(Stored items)
+---+

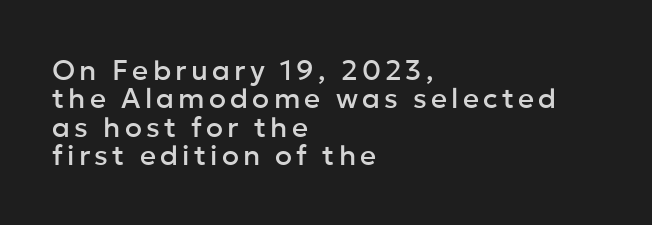
Q: Is the text italic (slanted)? A: No, it is upright.
Q: Is the typeface a serif or a sans-serif typeface? A: Sans-serif.
Q: Is the text underlined? A: No.
Q: How is the paragraph aligned? A: Left-aligned.
Q: Is the spacing between lines tight, normal or loose? A: Tight.
Q: Width (condensed, normal, or wide)? A: Normal.
Q: Stroke contrast? A: Low.
Q: x-height? A: Medium.
Q: Monospaced? A: No.
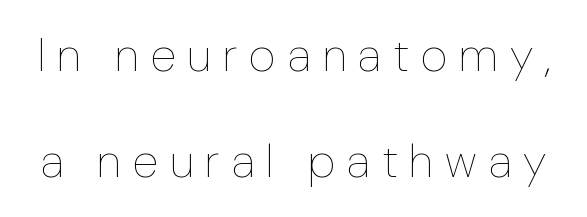
Q: Is the text bold? A: No.
Q: Is the text italic (slanted)? A: No, it is upright.
Q: Is the text underlined? A: No.
Q: Is the spacing between letters normal or unusually wide? A: Unusually wide.
Q: Is the spacing between lines tight, normal or loose? A: Loose.
Q: Width (condensed, normal, or wide)? A: Normal.
Q: Stroke contrast? A: Low.
Q: x-height? A: Medium.
Q: Monospaced? A: No.
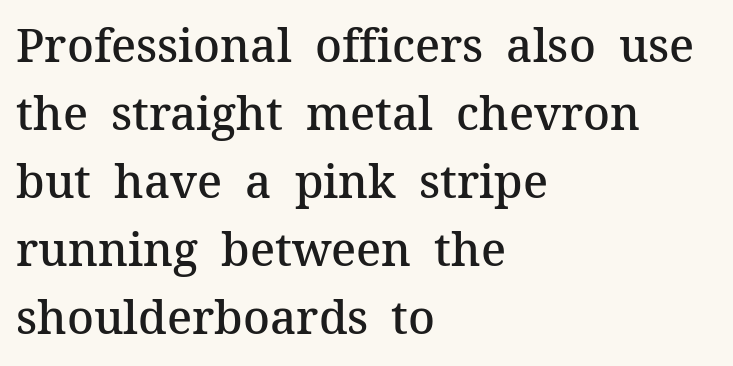
These lines are set flush left with a ragged right edge. The characters look somewhat weighty, a semibold short of true bold. This sample uses plain, unmodified letter spacing. Evenly set lines give the paragraph a standard silhouette.
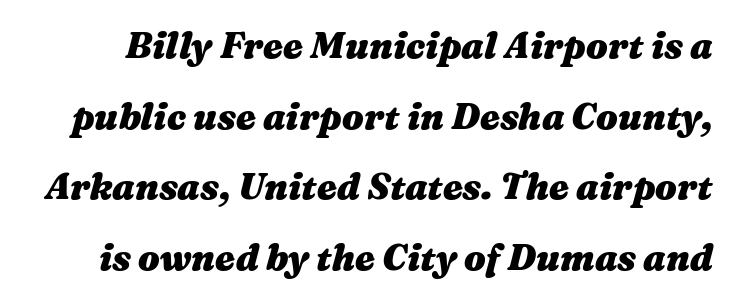
The image shows 36 px heavy, wide type, italic (leaning right); set loose line spacing (1.96x), normal letter spacing, not underlined; medium stroke contrast and a medium x-height.
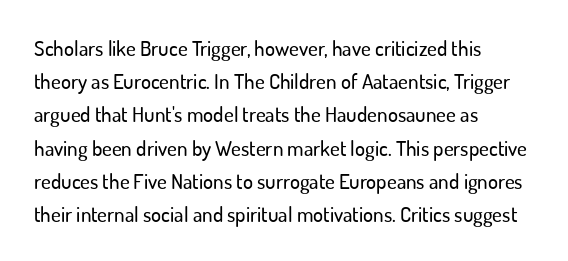
The tracking reads as untouched default to a designer's eye. Anything drawn beneath the words? Only blank space. Leading: standard. The lettering holds an erect, upright posture throughout.
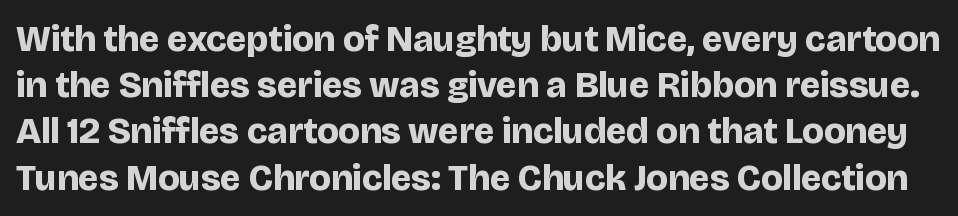
The tracking reads as untouched default to a designer's eye. A typesetter would mark this as roman, not italic. Words float on clear page, feet unadorned. Serifs: no, the terminals of the letterforms are clean. Students, this is bold: see how much ink each stroke carries.

+---+

■ Aim of the exercise: The entries above, without their pictures, should be written out exactly.

■ Answer below:
Q: Is the text italic (slanted)? A: No, it is upright.
Q: Is the typeface a serif or a sans-serif typeface? A: Sans-serif.
Q: Is the text underlined? A: No.
Q: How is the paragraph aligned? A: Left-aligned.
Q: Is the spacing between lines tight, normal or loose? A: Tight.
Q: Width (condensed, normal, or wide)? A: Normal.
Q: Stroke contrast? A: Low.
Q: x-height? A: Medium.
Q: Monospaced? A: No.
Q: Is the text bold? A: No.
Q: Is the text italic (slanted)? A: No, it is upright.
Q: Is the text underlined? A: No.
Q: Is the spacing between letters normal or unusually wide? A: Unusually wide.
Q: Is the spacing between lines tight, normal or loose? A: Loose.
Q: Width (condensed, normal, or wide)? A: Normal.
Q: Stroke contrast? A: Low.
Q: x-height? A: Medium.
Q: Monospaced? A: No.
These lines are set flush left with a ragged right edge. The characters look somewhat weighty, a semibold short of true bold. This sample uses plain, unmodified letter spacing. Evenly set lines give the paragraph a standard silhouette.
The image shows 36 px heavy, wide type, italic (leaning right); set loose line spacing (1.96x), normal letter spacing, not underlined; medium stroke contrast and a medium x-height.
The tracking reads as untouched default to a designer's eye. Anything drawn beneath the words? Only blank space. Leading: standard. The lettering holds an erect, upright posture throughout.
The tracking reads as untouched default to a designer's eye. A typesetter would mark this as roman, not italic. Words float on clear page, feet unadorned. Serifs: no, the terminals of the letterforms are clean. Students, this is bold: see how much ink each stroke carries.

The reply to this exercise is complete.